The tech giant has set its sights on the “huge opportunity” for someone to create a broad-based AI assistant for consumers, said Soma Somasegar, a managing director at Madrona Venture Group.

Google had the opportunity to do so but had not “executed on it in a way that says they’re leading the pack”, which created a window for Microsoft to make a “bold bet”, said Somasegar.

Luring individuals to use new generative AI tools could also bolster Microsoft’s closely watched cloud computing division, since ChatGPT runs on its cloud platform.

Kevin Walkush, a portfolio manager at Jensen Investment Management, said the company had “established the strongest beachhead” in the market for AI workplace assistants, with the new target of getting people to install generative AI products on their phones representing a major “opportunity”.

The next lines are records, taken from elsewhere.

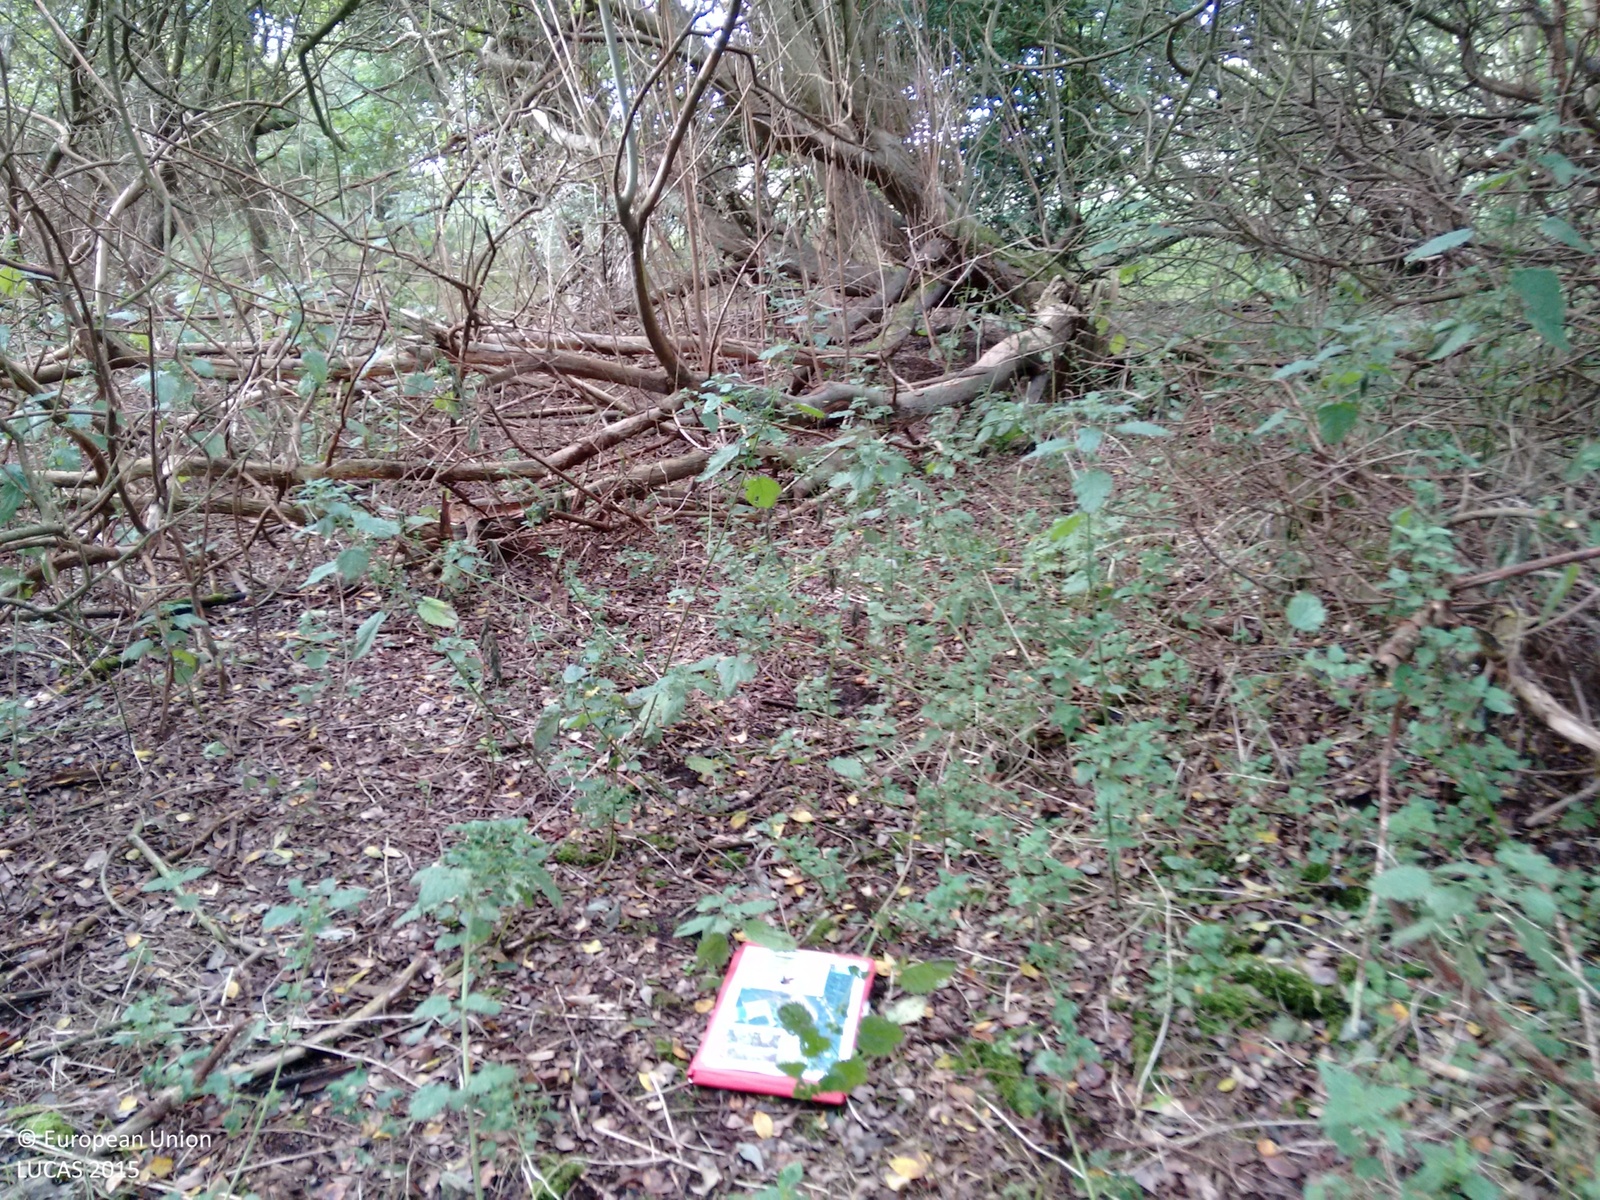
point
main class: Woodland
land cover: Other mixed woodland
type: mesophytic deciduous forest
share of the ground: > 75 %
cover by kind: broadleaved forest trees 75 %, coniferous forest trees 25 %
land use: Forestry
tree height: > 5 m
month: September
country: GB
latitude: 52.7353
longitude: 1.6739
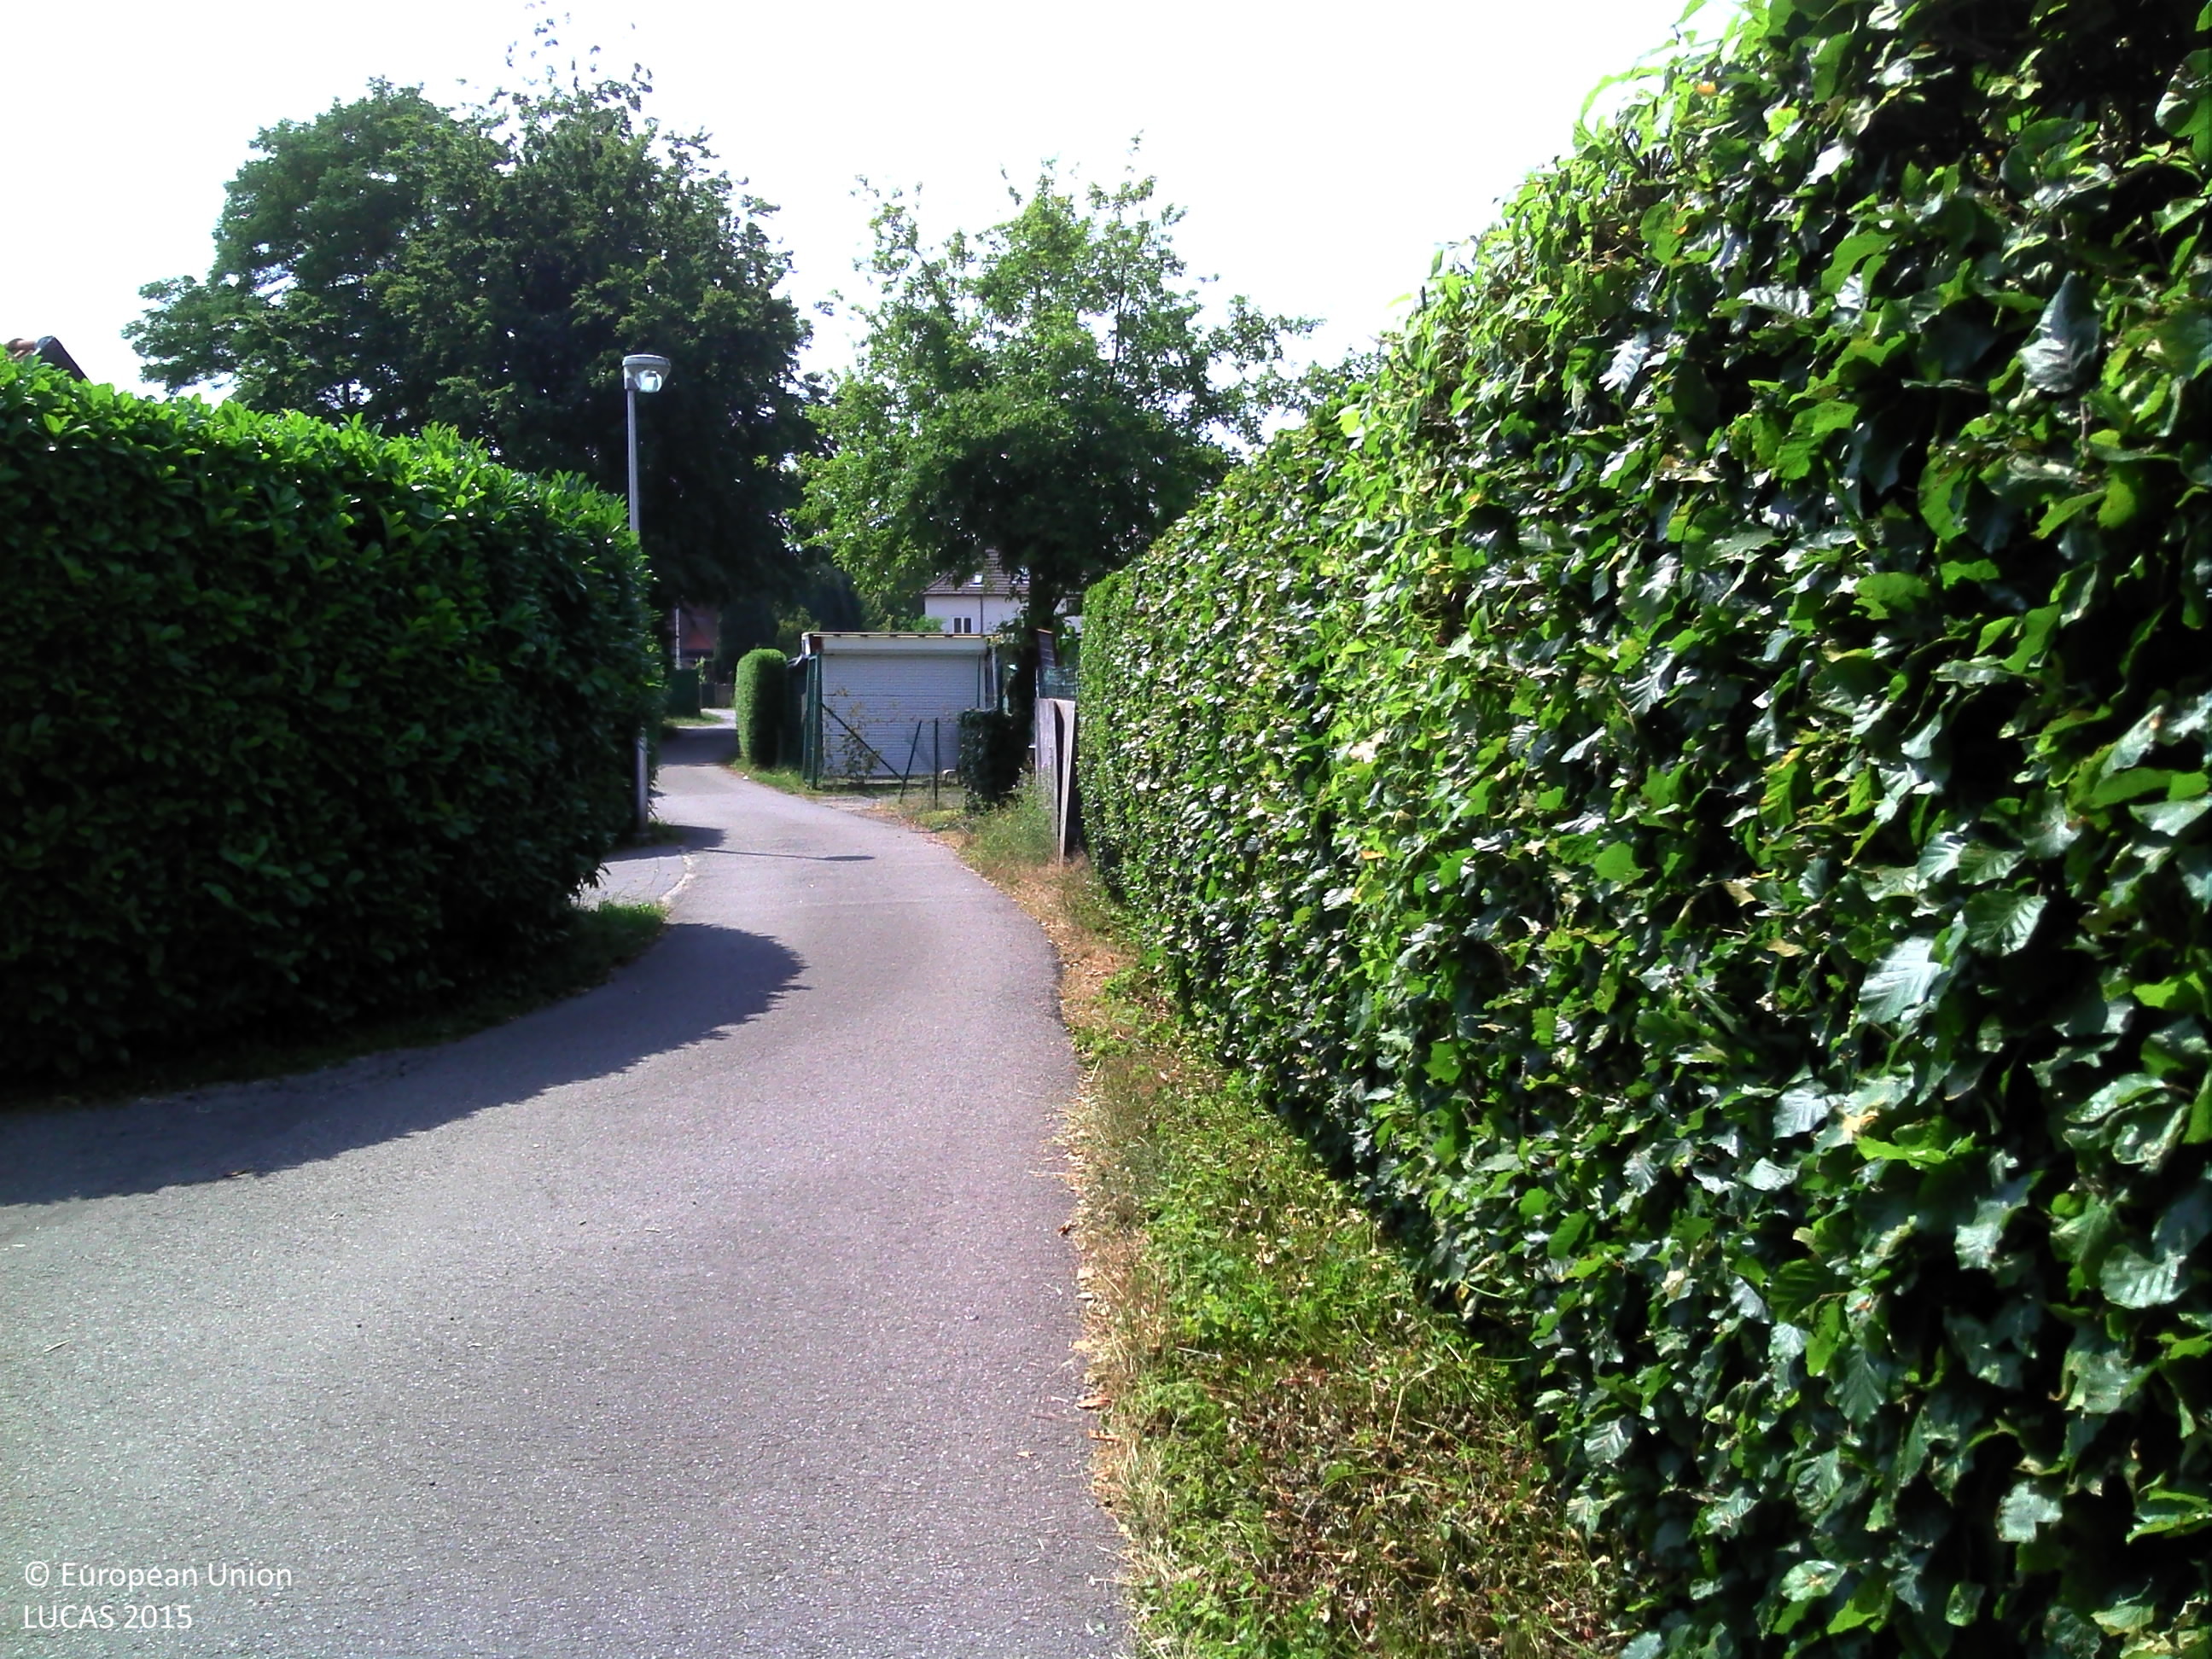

However, Microsoft will have to compete with the likes of Apple and Google, both of which are racing to roll out their own generative AI products and have strong relationships with the millions of consumers that use their mobile platforms.

Inflection, meanwhile, will continue to operate under new chief executive Sean White, and pivot to providing its generative AI technology to businesses and developers, from a previous focus on its consumer chatbot Pi.

Inflection board member and co-founder Reid Hoffman said it was “a good day for everyone involved in Inflection AI” and that the company’s investors would see “good future upside”.

The change comes just months after the Palo Alto-based start-up raised $1.3bn from investors including Microsoft and Nvidia, but the talks with Microsoft occurred after the June fundraising announcement, according to two people familiar with the matter.

Nadella was “diversifying in a very credible way — not only the tech, but the execution and the people”, said Walkush “There’s something to be said for having fresh perspectives, an outsider, because AI is so new.”